19.    When Mother moved to Florida in June 2000, she had no employment or permanent housing pre-arranged for her there. Mother first moved in with her father Ken Bettencourt, and his wife Diane upon arrival in Florida.

20.    Ken and Diane Bettencourt's [sic] lived in a two bedroom house with Diane's seventeen (17) year old daughter, Tara, who then became pregnant. Mother and [Z.F.] had no bedrooms of their own, and slept in the living room.

21.    Mother moved with [Z.F.] four more times after her move to Florida.

22.    From the time of the filing of the dissolution petition through the time of trial, Mother has experienced employment difficulties, and has been employed at no fewer than nine different places of employment.

23.    From January, 2001, until August 2002, Mother worked an 11:00 p.m. until 7:00 a.m. shift, during which time, [Z.F.] spent his nights at the homes of relatives, and attended daycare during the day, while Mother slept.

24.    From August 2002, until the trial, Mother worked at Fawcett Memorial Hospital. She earned $9.47 per hour, plus some overtime pay. Mother's gross average weekly income from this employment was $520 per week.

25.    Mother could likely find employment in Indiana at comparable rate of pay.

26.    Mother testified that if this Court granted Father custody of [Z.F.], she would move back to Fort Wayne. She testified that her training and certification makes her employable anywhere in the United States, including northeast Indiana.

27.    Mother reported she obtained new employment at a medical office during the course of the trial. She stated she will earn $8.50 per hour at this position, did not know any information about possible insurance for [Z.F.] through the new employer, and did not adequately explain why she would take such a substantial cut in pay.

28.    While in Florida, Mother was arrested for driving with a suspended driver's license, and later for violation of probation. This violation required Mother to serve 13 days in jail, on weekends, over several months.

29.    During the parties' marriage, while [Z.F.] was an infant, the parties lived for six (6) months with the child's paternal grandmother, Randi Ginder and her husband Duane Ginder. Ms. Ginder watched [Z.F.] while the parties were working. Ms. Ginder testified that during this period, Mother was lethargic, frequently slept late, and left [Z.F.] unattended, hungry, with a dirty diaper and in soiled clothes.

30.    Since the divorce of the parties, Father has remarried and is purchasing his current home in Cromwell, Indiana. Father had had only one other residence since the divorce.

31.    Father has likewise had more employment stability than Mother. At the time of trial he earned $16.34 per hour, and had gross average weekly income of $774 per week, currently in the position of field paramedic.
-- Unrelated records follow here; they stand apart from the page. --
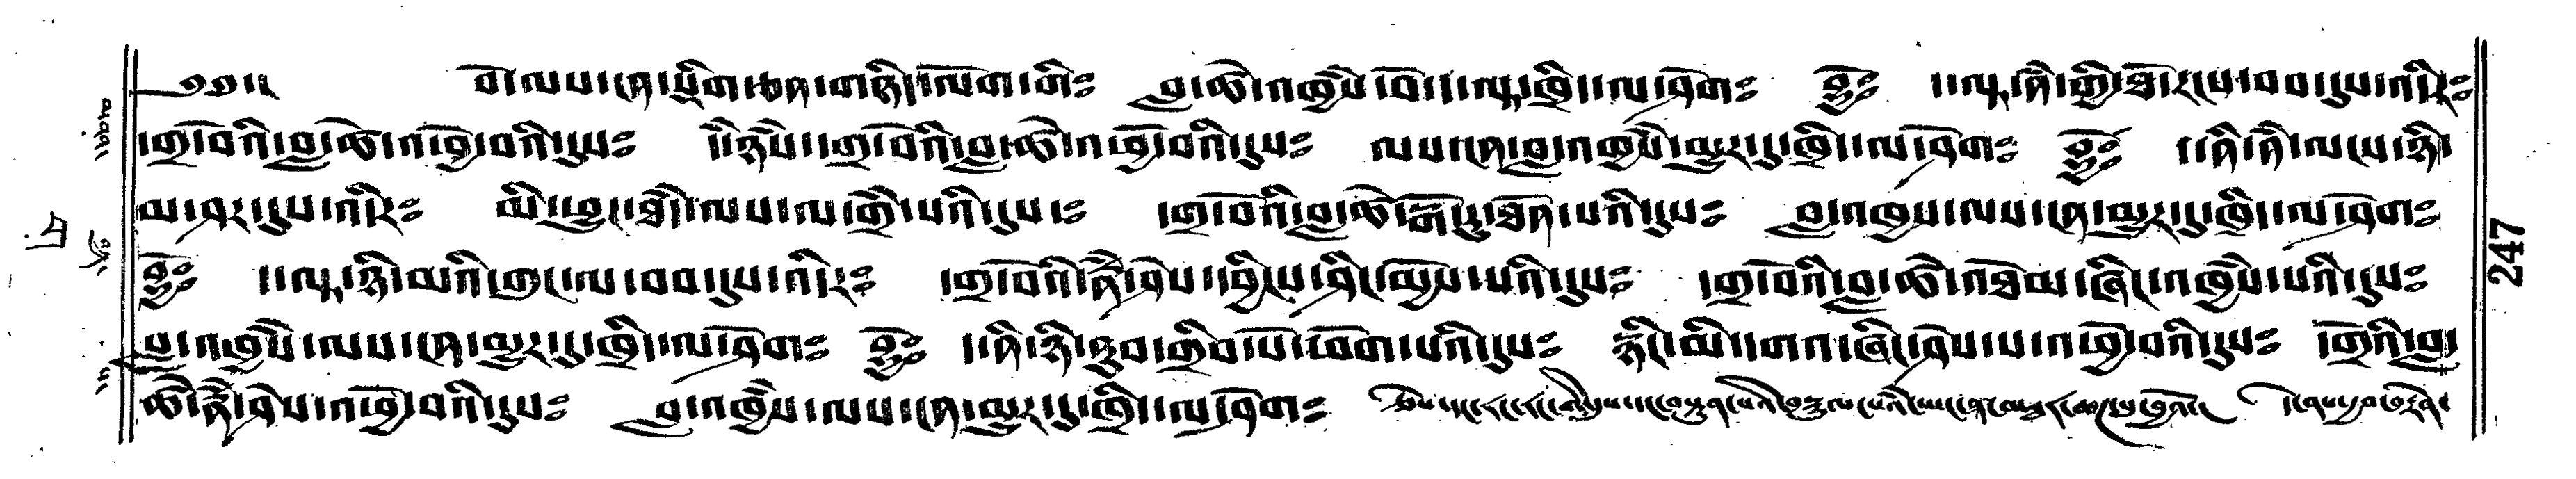བོ་ལས་ངན་སྡིག་ཅན་གཉིད་ལོག་གིཿ བླ་ཚེ་འཁྱམས་བོ་ད་ལྟ་ཁྲིད་ལ་ཤོགཿ བྷྱོཿ ད་ལྟ་ནམ་གྱི་ཐོ་རངས་བབ་དུས་འདིརཿ 
དམ་ཉམས་དགྲ་བོའི་བླ་ཚེ་འཕྱོ་བའི་དུསཿ ལས་ངན་བླ་འཁྱམས་མྱུར་དུ་ཁྲིད་ལ་ཤོགཿ བྷྱོཿ ད་ནི་ནམ་ལངས་ཉི་
མ་ཤར་དུས་འདིརཿ མི་ཕྱུགས་ཐམས་ཅད་ལས་ལ་གྲམ་པའི་དུསཿ དགྲ་བོའི་བླ་ཚེ་སྒོ་རུ་ཐོན་པའི་དུསཿ བླ་འཁྱམས་ལས་ངན་མྱུར་དུ་ཁྲིད་ལ་ཤོགཿ 
བྷྱོཿ ད་ལྟ་ཉི་མའི་གུང་ལ་བབ་དུས་འདིརཿ དགྲ་བོའི་རྣམ་ཤེས་བྱིངས་ཤིང་མྱོས་པའི་དུསཿ དགྲ་བོའི་བླ་ཚེ་འཐོམ་ཞིང་འཁྱམས་པའི་དུསཿ 
བླ་འཁྱམས་ལས་ངན་མྱུར་དུ་ཁྲིད་ལ་ཤོགཿ བྷྱོཿ ད་ནི་ཉི་ནུབ་གྲིབ་སོ་ཕོག་པའི་དུསཿ སྙིང་མི་དགའ་ཞིང་ཤེས་པ་འཕྱོ་བའི་དུསཿ དགྲ་བོའི་བླ་
ཚེ་རྣམ་ཤེས་འཕྱོ་བའི་དུསཿ བླ་འཁྱམས་ལས་ངན་མྱུར་དུ་ཁྲིད་ལ་ཤོགཿ ཅེས་དང་རང་རང་གི་དུས་དང་བསྟུན་པའི་བསྐུལ་པའམ་ཡང་ན་མཐར་ཆགས་སུ་བྱའོ། དེ་ནས་རྒྱབ་བརྟེན་

He was a member of the Indiana Army National Guard from 1998 through 2002, and before that was a member of the U.S. Army.

32.    Father has provided medical coverage for [Z.F.] since the parties separated. Father pays $19 per week for health care insurance for [Z.F.].

33.    Father and his present wife, Lucy Ford, have a three year old son [K.F.] and an infant daughter [C.F.]. The Ford's [sic] typically arrange their work schedules so that while one is working, the other can be with the children. Their combined annual income is approximately $70,000.

34.    Mother has sought relief from this Court's Order of June 5, 2003, which found her in contempt for violating Father's physical custody periods.

35.    Mother claims that she was without actual knowledge of Father's Verified Motion for a Temporary Restraining Order, Permanent Injunction and Contempt, and she asserts that she did not receive notice of the June 5, 2003 hearing.

36.    Father served his Verified Motion and Notice of Hearing upon Mother by numerous means. Father sent Mother relevant pleadings by Certified Mail, but she failed to claim it. Additionally, Father sent pleadings to Mother by U.S. Mail. The Sheriff in Mother's Florida county served the papers upon Mother at her residence, which, at that time was 207 Cross Street, Apartment 123, Punta Gorda, Florida. The Florida Sheriff attempted personal service upon Mother on May 21, 22, 27, 28, 29, 31 and June 2, 2003. The Sheriff documented multiple attempts on many days. On June 2, the Sheriff left the pleadings on the door at 9 a.m., and the Sheriff reported that those papers were gone by 5:40 p.m. on that day. The Court's record also reveals that the Clerk mailed the Notice of Hearing to Mother at her Florida residence in Apartment 123, at 207 Cross Street, in Punta Gorda, Florida.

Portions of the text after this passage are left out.